В наследство Эмме досталась просторная квартира в этом самом доме, которую моя безумная бабушка ухитрилась прокутить. С тех пор выражение «транжирит, как Эмма» поселилось в семейном лексиконе.
Десять лет назад, похоронив супруга, бабушка объявила, что ей необходимо утешиться. Она отправляется в путешествие. С любимой подругой, чтобы не тосковать одной.
Тогда мы не придали этому значения. Лишь после ее возвращения выяснилось, что Эмма продала унаследованную недвижимость и промотала все деньги. Слава богу, от мужа-дипломата у нее осталась небольшая двушка в Сокольниках. («Я всегда говорила: несколько браков полезнее для женщины, чем один», – заметила Эмма.)

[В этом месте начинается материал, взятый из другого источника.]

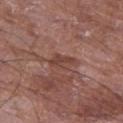From the left thigh. Imaged with white-light lighting. A close-up tile cropped from a whole-body skin photograph, about 15 mm across. The lesion's longest dimension is about 3.5 mm. The patient is a male aged 63–67.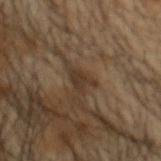Assessment:
Part of a total-body skin-imaging series; this lesion was reviewed on a skin check and was not flagged for biopsy.
Background:
The lesion is located on the head or neck. A roughly 15 mm field-of-view crop from a total-body skin photograph. The subject is a male aged 53–57.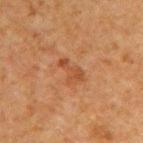Imaged during a routine full-body skin examination; the lesion was not biopsied and no histopathology is available. From the left arm. The subject is a male approximately 60 years of age. Imaged with cross-polarized lighting. A roughly 15 mm field-of-view crop from a total-body skin photograph.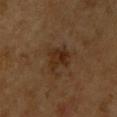{"biopsy_status": "not biopsied; imaged during a skin examination", "site": "right upper arm", "automated_metrics": {"border_irregularity_0_10": 4.0, "color_variation_0_10": 4.5, "peripheral_color_asymmetry": 1.5, "nevus_likeness_0_100": 40, "lesion_detection_confidence_0_100": 100}, "patient": {"sex": "male", "age_approx": 60}, "lighting": "cross-polarized", "image": {"source": "total-body photography crop", "field_of_view_mm": 15}, "lesion_size": {"long_diameter_mm_approx": 3.0}}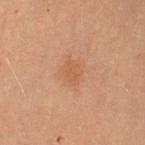A lesion tile, about 15 mm wide, cut from a 3D total-body photograph. The recorded lesion diameter is about 3 mm. The lesion is located on the arm. A female subject, aged 68 to 72. This is a cross-polarized tile.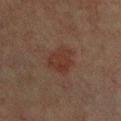Findings:
• subject · male, approximately 60 years of age
• acquisition · 15 mm crop, total-body photography
• site · the chest
• tile lighting · cross-polarized illumination
• automated metrics · a footprint of about 8 mm²; a mean CIELAB color near L≈27 a*≈17 b*≈21, about 5 CIELAB-L* units darker than the surrounding skin, and a lesion-to-skin contrast of about 6.5 (normalized; higher = more distinct); border irregularity of about 3 on a 0–10 scale, a within-lesion color-variation index near 3/10, and a peripheral color-asymmetry measure near 1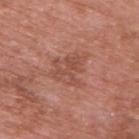| feature | finding |
|---|---|
| workup | imaged on a skin check; not biopsied |
| image source | ~15 mm tile from a whole-body skin photo |
| lesion diameter | about 4.5 mm |
| tile lighting | white-light |
| subject | male, aged 68–72 |
| body site | the upper back |
| automated metrics | a footprint of about 11 mm², a shape eccentricity near 0.5, and a shape-asymmetry score of about 0.35 (0 = symmetric); a mean CIELAB color near L≈50 a*≈25 b*≈28 and about 7 CIELAB-L* units darker than the surrounding skin; border irregularity of about 5 on a 0–10 scale and a peripheral color-asymmetry measure near 1; a classifier nevus-likeness of about 0/100 and a lesion-detection confidence of about 100/100 |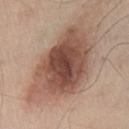* notes · no biopsy performed (imaged during a skin exam)
* patient · male, in their mid-50s
* lighting · white-light illumination
* body site · the chest
* image · ~15 mm crop, total-body skin-cancer survey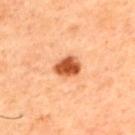Image and clinical context: The recorded lesion diameter is about 3 mm. Automated image analysis of the tile measured an area of roughly 6 mm², an outline eccentricity of about 0.65 (0 = round, 1 = elongated), and a shape-asymmetry score of about 0.2 (0 = symmetric). And it measured a classifier nevus-likeness of about 100/100 and lesion-presence confidence of about 100/100. A 15 mm close-up tile from a total-body photography series done for melanoma screening. On the back. A male subject aged around 45.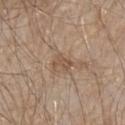Impression:
Imaged during a routine full-body skin examination; the lesion was not biopsied and no histopathology is available.
Clinical summary:
The subject is a male about 65 years old. Cropped from a whole-body photographic skin survey; the tile spans about 15 mm. Imaged with white-light lighting. The lesion is on the arm. Longest diameter approximately 2.5 mm.

Время от времени мы развлекаемся, гадая, как две старушенции ухитрились просадить трехкомнатную квартиру на Плющихе. Эмма на все расспросы отвечала скупо и туманно. Известно, что подруги уехали в Ниццу, но далее следы путаются. Что сокрыто от нас? Темнота клубов и лоснящиеся стриптизеры? Зеленое сукно игрального стола? Отдается ли их великолепный кутеж в ушах Эммы топотом лошадей, несущих на спине маленьких злых жокеев, и криками публики, сделавшей ставки?
Мы почти дошли до подъезда, где живет Ксения.
– Кстати, а что у Антона за семья? – спросила она.
– Не знаю. Он с ними в ссоре. До завтра!
Я пыталась уйти, но не тут-то было. Она ухватила меня за рукав пальто:
– Что за ссора? По какому поводу?
– Ксения, я понятия не имею, правда. Мне пора, Антон будет беспокоиться!
– Хоть намекни!
Мне с трудом удалось отвязаться от нее. У Ксении нюх на чужие тайны. Если хочешь дружить с ней, ты весь должен быть как на ладони вместе с любыми секретами, потому что даже чужие секреты – это тоже часть тебя. Наш короткий прощальный диалог уничтожил всю безмятежность этого вечера. Не из-за того что она насела на меня. А потому что мне и самой не давала покоя мысль о семье Антона.
Все, что я знаю: он провел детство под Новосибирском.
Но кто его отец с матерью? Отчего он перестал общаться с ними? На мои расспросы Антон всегда кратко отвечал: «Мы поссорились». Однажды я рискнула уточнить, что послужило причиной, и получила в ответ: «Так вышло».
Это был красный флажок: «Не заходи дальше».
Антон не сердился, нет. Не упрекал меня, что я лезу не в свои дела. Он просто обрывал все разговоры о близких.
В доме моих родителей висят портреты маминой прабабки и прадеда. Наше семейное древо насчитывает восемь поколений. Жизнь каждого известна в подробностях – почти все женщины были образованны и вели дневники. Мамина ветвь – старомосковская, папина – казанская.
Я – плоть от плоти своей семьи. У меня мамина рассеянность, папина летучая вспыльчивость. Он сердится, а через минуту уже смеется.